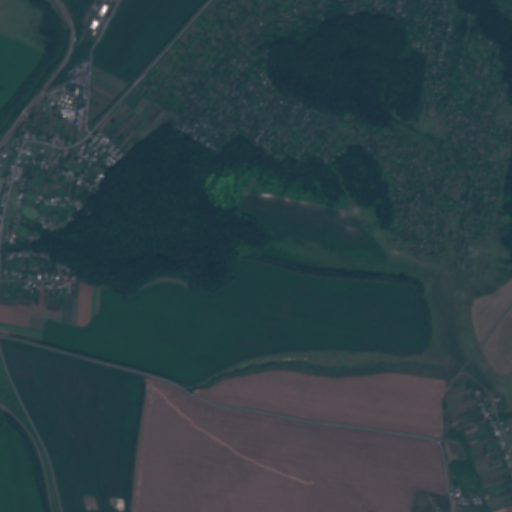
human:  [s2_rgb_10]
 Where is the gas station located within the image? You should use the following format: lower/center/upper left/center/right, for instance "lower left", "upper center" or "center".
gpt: The gas station is located in the upper left of the image.
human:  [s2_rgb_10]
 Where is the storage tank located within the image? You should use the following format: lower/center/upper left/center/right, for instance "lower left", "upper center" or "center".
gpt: The storage tank is located in the upper left of the image.
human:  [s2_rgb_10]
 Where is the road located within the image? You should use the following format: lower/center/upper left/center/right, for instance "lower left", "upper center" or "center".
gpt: There is no road in the image.
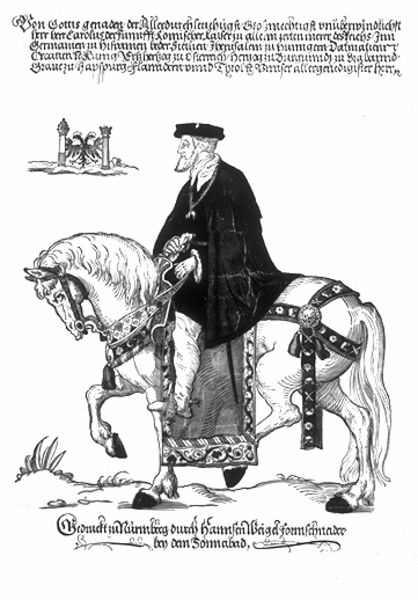
Titel: Bildnis des Kaisers Karl V. zu Pferde
Künstler: Hans (d.Ä.) Weigel
Institution: (Seriendruck)
Schlagwörter: adler, hand, held, kopf, mann, schatten, umhang, weiß, finger, grau, hut, licht, profil, schwarz, skizze, zeichnung, gras, schloss, teppich, bart, kappe, mütze, geschichte, mensch, vollbart, bildnis, herr, hände, niederlande, porträt, erde, boden, gewand, mantel, adel, decke, kinn, ohren, pferd, reiter, beine, huf, hufe, mähne, reiten, sattel, schweif, zaumzeug, zügel, schrift, kette, grafik, graphik, halm, deutsch, palme, tor, buch, burg, geschirr, druck, schwarzweiss, radierung, stich, illustration, schwert, text, adeliger, schritt, ritter, fürst, schimmel, österreich, buchseite, wappen, ross, mittelalter, klerus, mönch, luther, edelmann, bänder, kupferstich, riß, beschreibung, schabracke, nürnberg, satteldecke, latein, doppeladler, pferdegeschirr, kleriker, reichsadler, karl v., kupferdruck, faksimile, hofe, altes buch, stuefel, pferdegeschir, pferd adeliger
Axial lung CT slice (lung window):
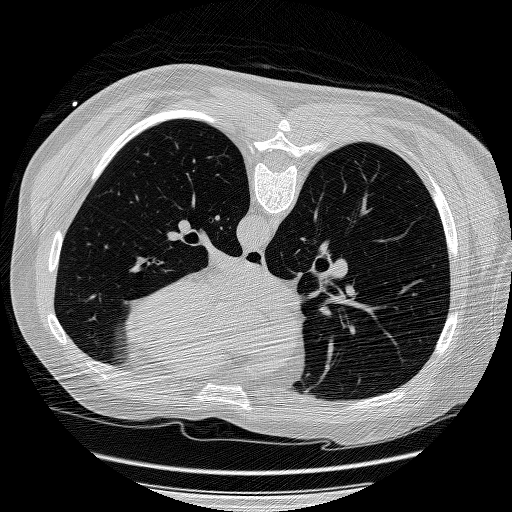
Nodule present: no
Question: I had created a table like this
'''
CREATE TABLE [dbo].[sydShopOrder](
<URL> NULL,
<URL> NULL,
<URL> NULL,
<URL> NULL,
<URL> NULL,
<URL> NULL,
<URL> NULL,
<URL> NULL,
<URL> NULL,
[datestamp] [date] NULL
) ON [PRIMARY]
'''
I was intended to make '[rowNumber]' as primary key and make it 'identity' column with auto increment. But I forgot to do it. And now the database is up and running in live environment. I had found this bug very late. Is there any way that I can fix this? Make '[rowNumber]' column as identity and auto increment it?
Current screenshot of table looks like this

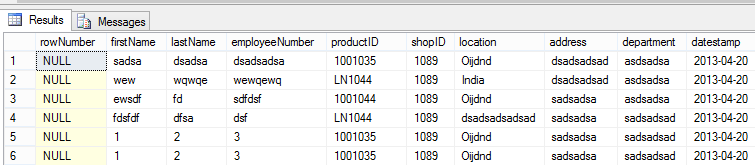
Answer: You can drop '[rownumber]' and then add with identity
'''
Alter Table [dbo].[sydShopOrder] Drop Column rownumber
Go
Alter Table [dbo].[sydShopOrder]
Add rownumber Int Identity(1, 1)
Go
'''
If you want to populate the identity field for existing data, better to create another temporary table, and keep all the records of '[dbo].[sydShopOrder]' in that. After that 'truncate' '[dbo].[sydShopOrder]' and then insert the values from that temp table to '[dbo].[sydShopOrder]'
'''
CREATE TABLE #temp (<URL> NULL,
<URL> NULL,
<URL> NULL,
<URL> NULL,
<URL> NULL,
<URL> NULL,
<URL> NULL,
<URL> NULL,
[datestamp] [date] NULL)
INSERT INTO #temp
SELECT [firstName],[lastName],[employeeNumber],
[productID], [shopID],[location],
[address],[department],[datestamp]
FROM [dbo].[sydShopOrder]
TRUNCATE TABLE [dbo].[sydShopOrder]
INSERT INTO [dbo].[sydShopOrder]
SELECT * FROM #temp
'''
Here is a sample <URL>
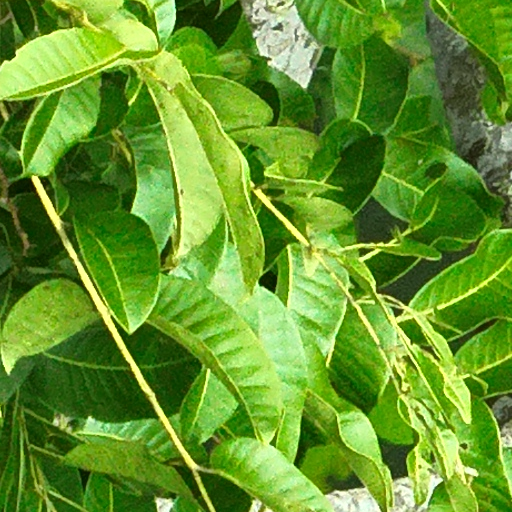
Species: Spondias mombin
GBIF accepted scientific name: Spondias mombin
Crown area (m\u00b2): 169.99
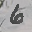
Label: 6
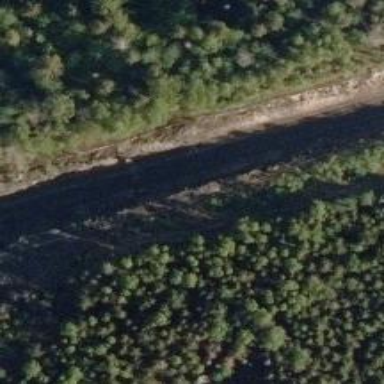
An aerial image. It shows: Railway with continuous electrified contact line.
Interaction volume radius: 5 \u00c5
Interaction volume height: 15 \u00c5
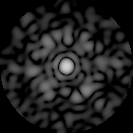
Disorder parameter: 0.7287
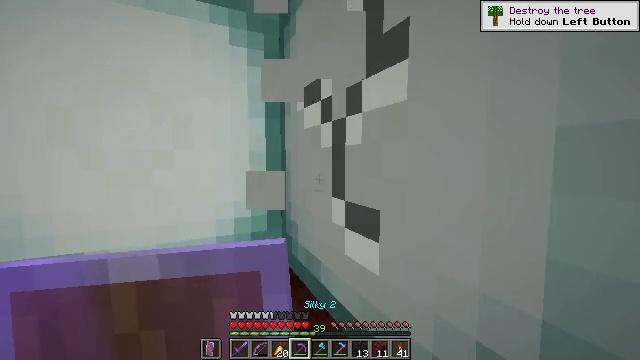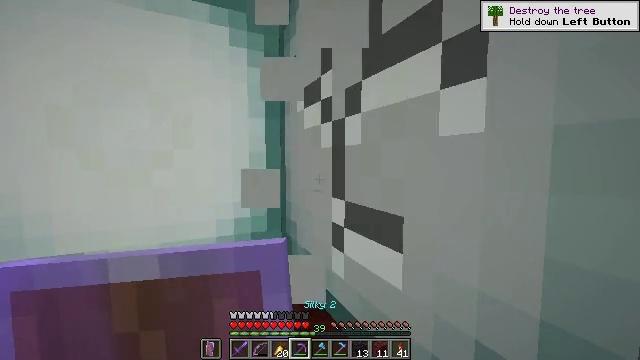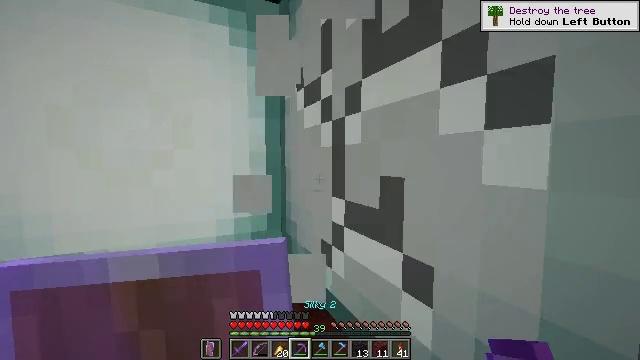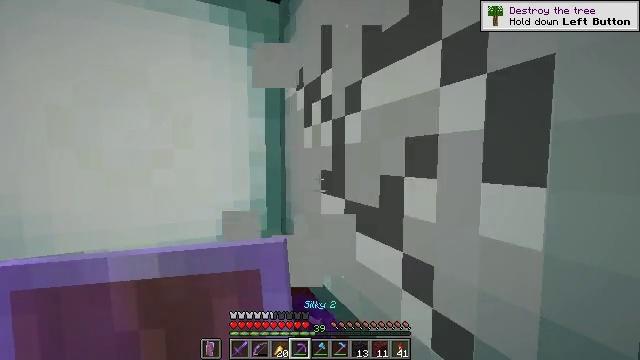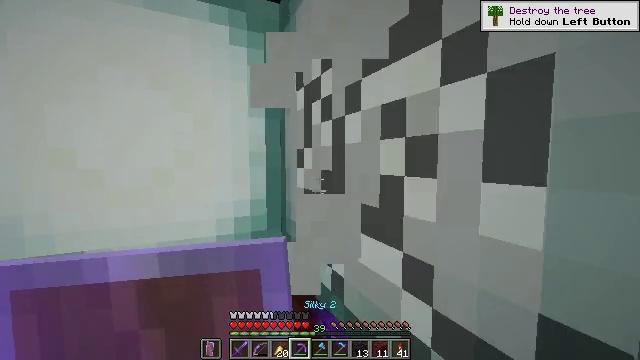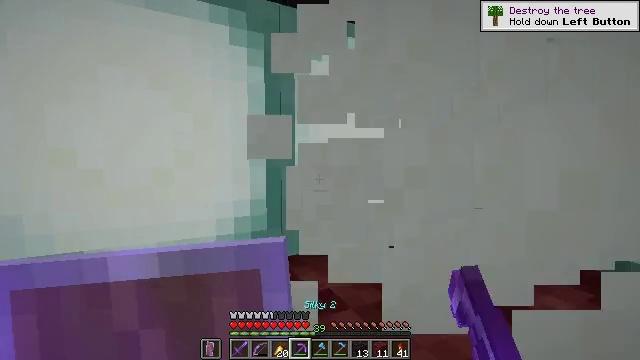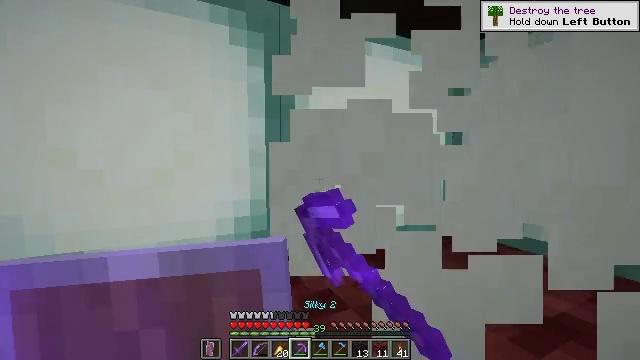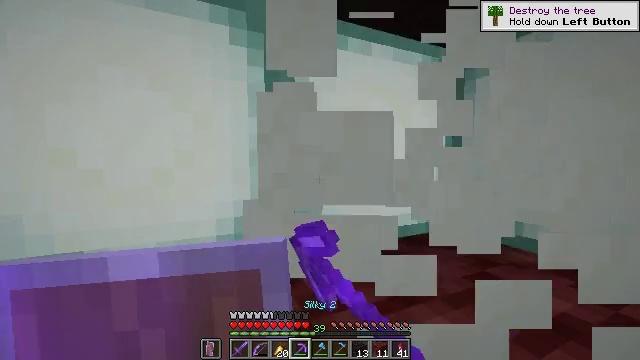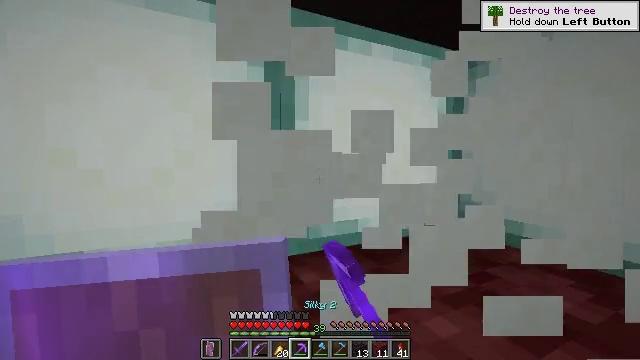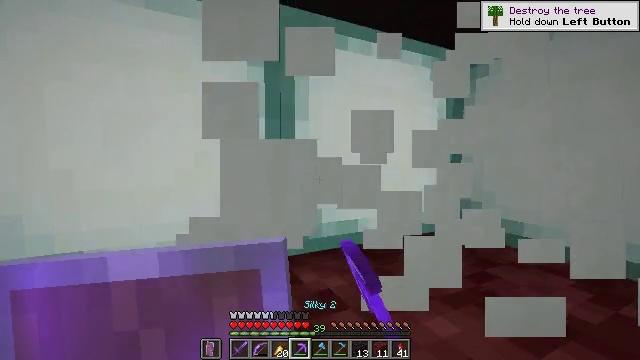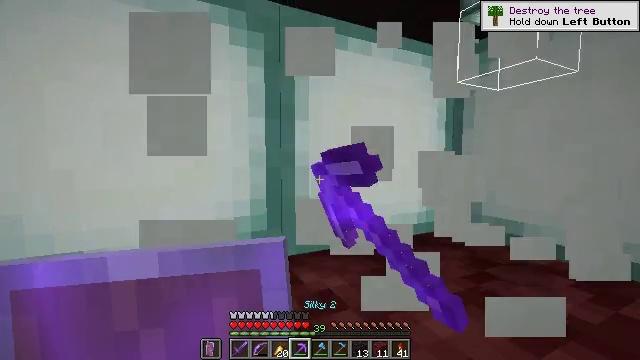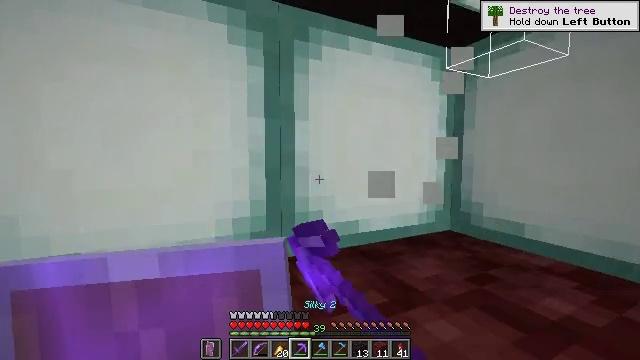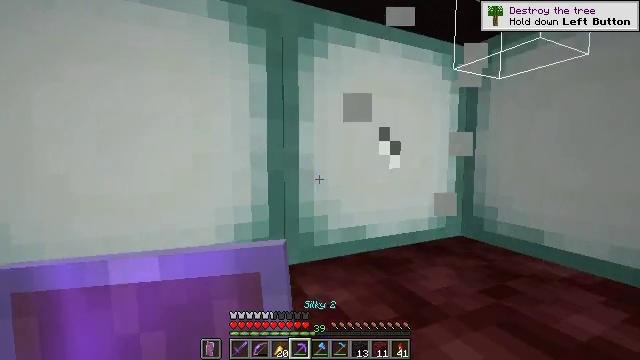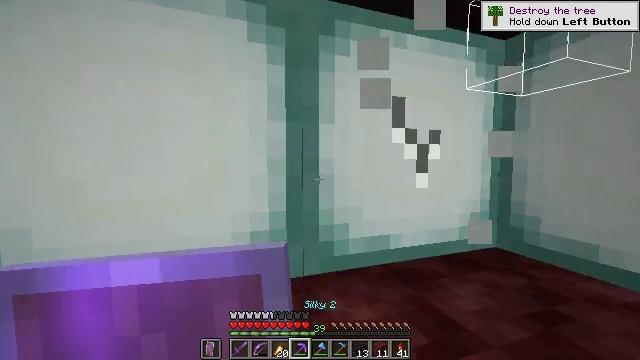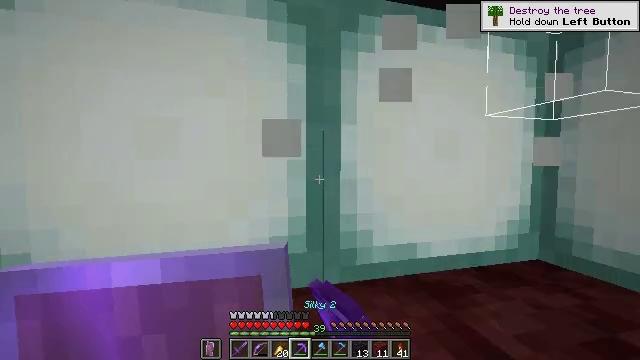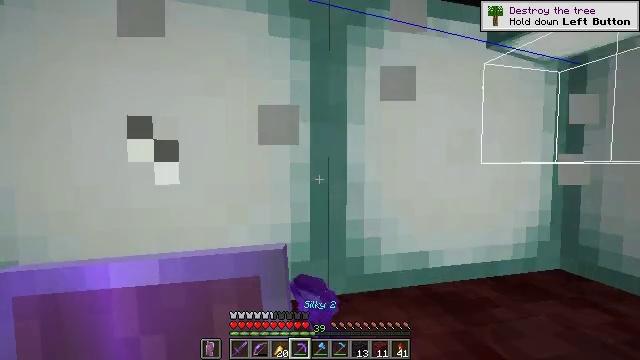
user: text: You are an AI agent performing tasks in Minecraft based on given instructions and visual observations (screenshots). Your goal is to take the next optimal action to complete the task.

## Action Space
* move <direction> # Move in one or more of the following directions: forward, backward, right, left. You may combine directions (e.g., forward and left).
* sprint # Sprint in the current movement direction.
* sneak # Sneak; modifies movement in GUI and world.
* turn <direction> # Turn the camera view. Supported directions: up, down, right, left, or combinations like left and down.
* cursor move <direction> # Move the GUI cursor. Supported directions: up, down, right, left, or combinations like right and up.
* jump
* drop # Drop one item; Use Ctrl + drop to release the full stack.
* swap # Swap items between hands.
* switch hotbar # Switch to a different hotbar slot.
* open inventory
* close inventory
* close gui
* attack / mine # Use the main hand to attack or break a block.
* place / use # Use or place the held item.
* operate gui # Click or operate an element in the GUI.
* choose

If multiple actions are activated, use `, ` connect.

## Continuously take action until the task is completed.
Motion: motion action
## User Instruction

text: Break the glowing sea lantern block.
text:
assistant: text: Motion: attack / mine
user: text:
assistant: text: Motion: attack / mine
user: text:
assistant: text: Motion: attack / mine
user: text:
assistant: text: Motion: attack / mine
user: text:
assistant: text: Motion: attack / mine
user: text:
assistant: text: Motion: attack / mine
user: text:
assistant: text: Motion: attack / mine
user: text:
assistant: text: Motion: attack / mine
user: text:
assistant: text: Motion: attack / mine
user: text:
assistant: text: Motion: attack / mine
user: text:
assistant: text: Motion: move forward, attack / mine
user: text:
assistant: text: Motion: move forward, turn left, attack / mine
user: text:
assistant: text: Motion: move forward, turn left, attack / mine
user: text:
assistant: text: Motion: move forward, turn left, attack / mine
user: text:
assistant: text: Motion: move forward, turn left, attack / mine
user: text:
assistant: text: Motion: attack / mine
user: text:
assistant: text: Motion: attack / mine
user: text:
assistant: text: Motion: attack / mine
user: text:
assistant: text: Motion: attack / mine
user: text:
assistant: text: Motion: attack / mine
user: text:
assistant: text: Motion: attack / mine
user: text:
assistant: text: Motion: attack / mine
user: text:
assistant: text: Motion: attack / mine
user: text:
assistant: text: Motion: turn right, attack / mine
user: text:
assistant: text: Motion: turn right, attack / mine
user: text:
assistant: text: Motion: turn right and down, attack / mine
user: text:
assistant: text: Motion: turn right, attack / mine
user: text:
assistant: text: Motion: turn right, attack / mine
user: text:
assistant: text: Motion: attack / mine
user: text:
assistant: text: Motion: attack / mine
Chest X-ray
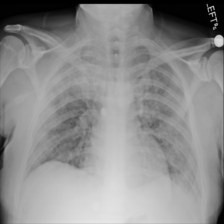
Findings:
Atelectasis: negative
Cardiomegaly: negative
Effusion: negative
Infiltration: negative
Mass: negative
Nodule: negative
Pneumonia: negative
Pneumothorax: negative
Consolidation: negative
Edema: negative
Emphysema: negative
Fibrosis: negative
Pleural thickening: negative
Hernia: negative
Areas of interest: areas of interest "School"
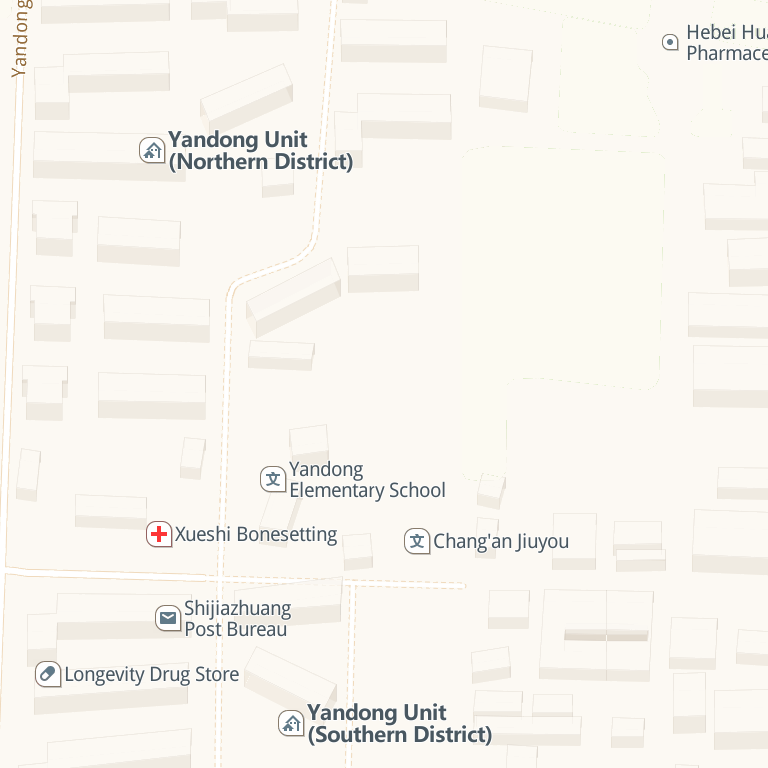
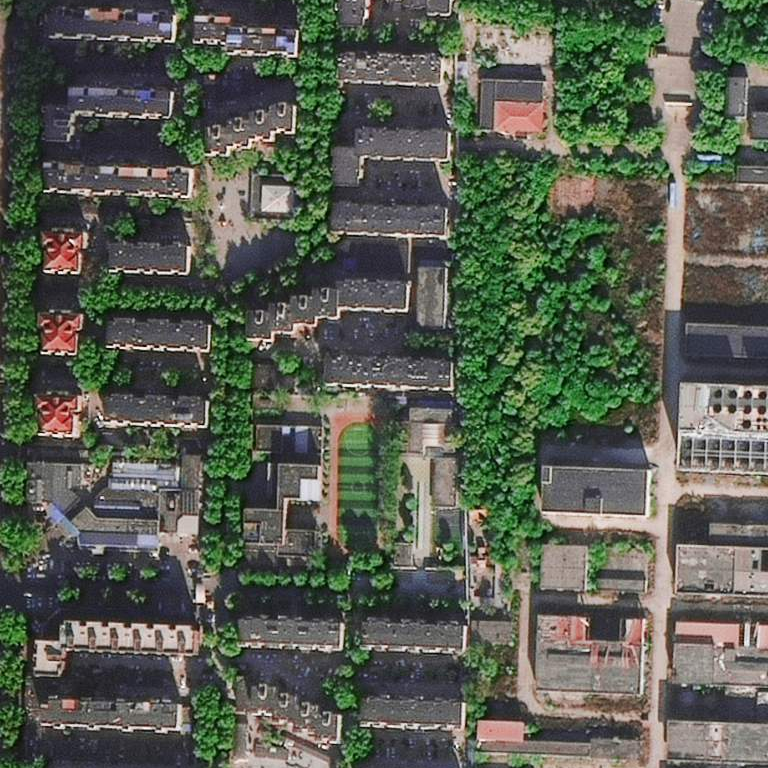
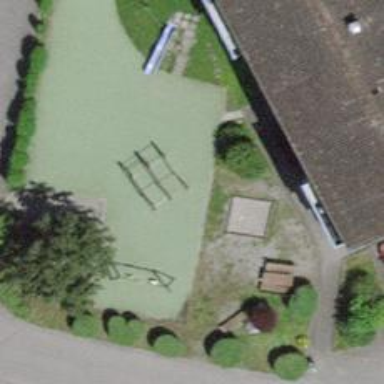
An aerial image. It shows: Playground area for leisure activities on the land.
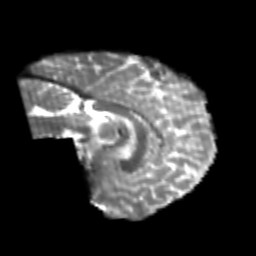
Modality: T2w
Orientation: sagittal
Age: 22
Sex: female
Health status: healthy
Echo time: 0.074 s
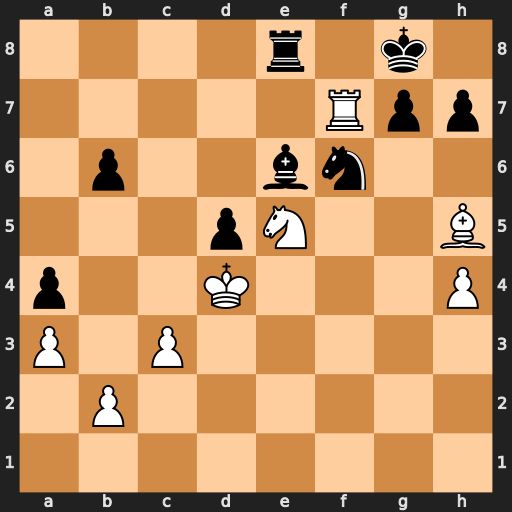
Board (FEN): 4r1k1/5Rpp/1p2bn2/3pN2B/p2K3P/P1P5/1P6/8
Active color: w
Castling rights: -
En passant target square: -
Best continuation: Rxf6 gxf6 Bxe8 fxe5+ Kxe5
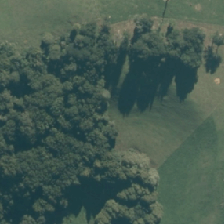
Land cover: indigenous_forest
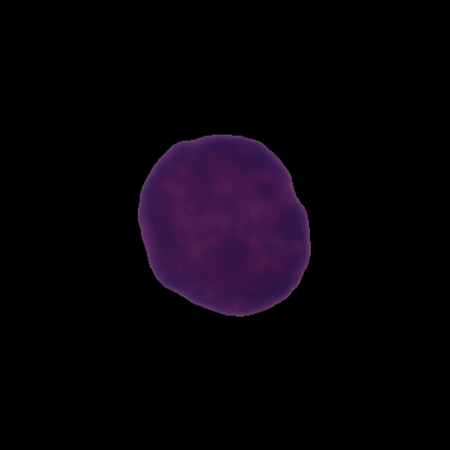
Label: healthy
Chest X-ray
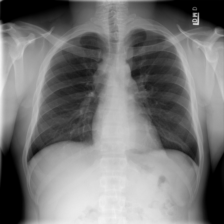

□ □ □ □ □ □ □

Go through the material and copy every line in which the word "storage" occurs.

 Where is the storage tank located within the image? You should use the following format: lower/center/upper left/center/right, for instance "lower left", "upper center" or "center".
gpt: The storage tank is located in the upper left of the image.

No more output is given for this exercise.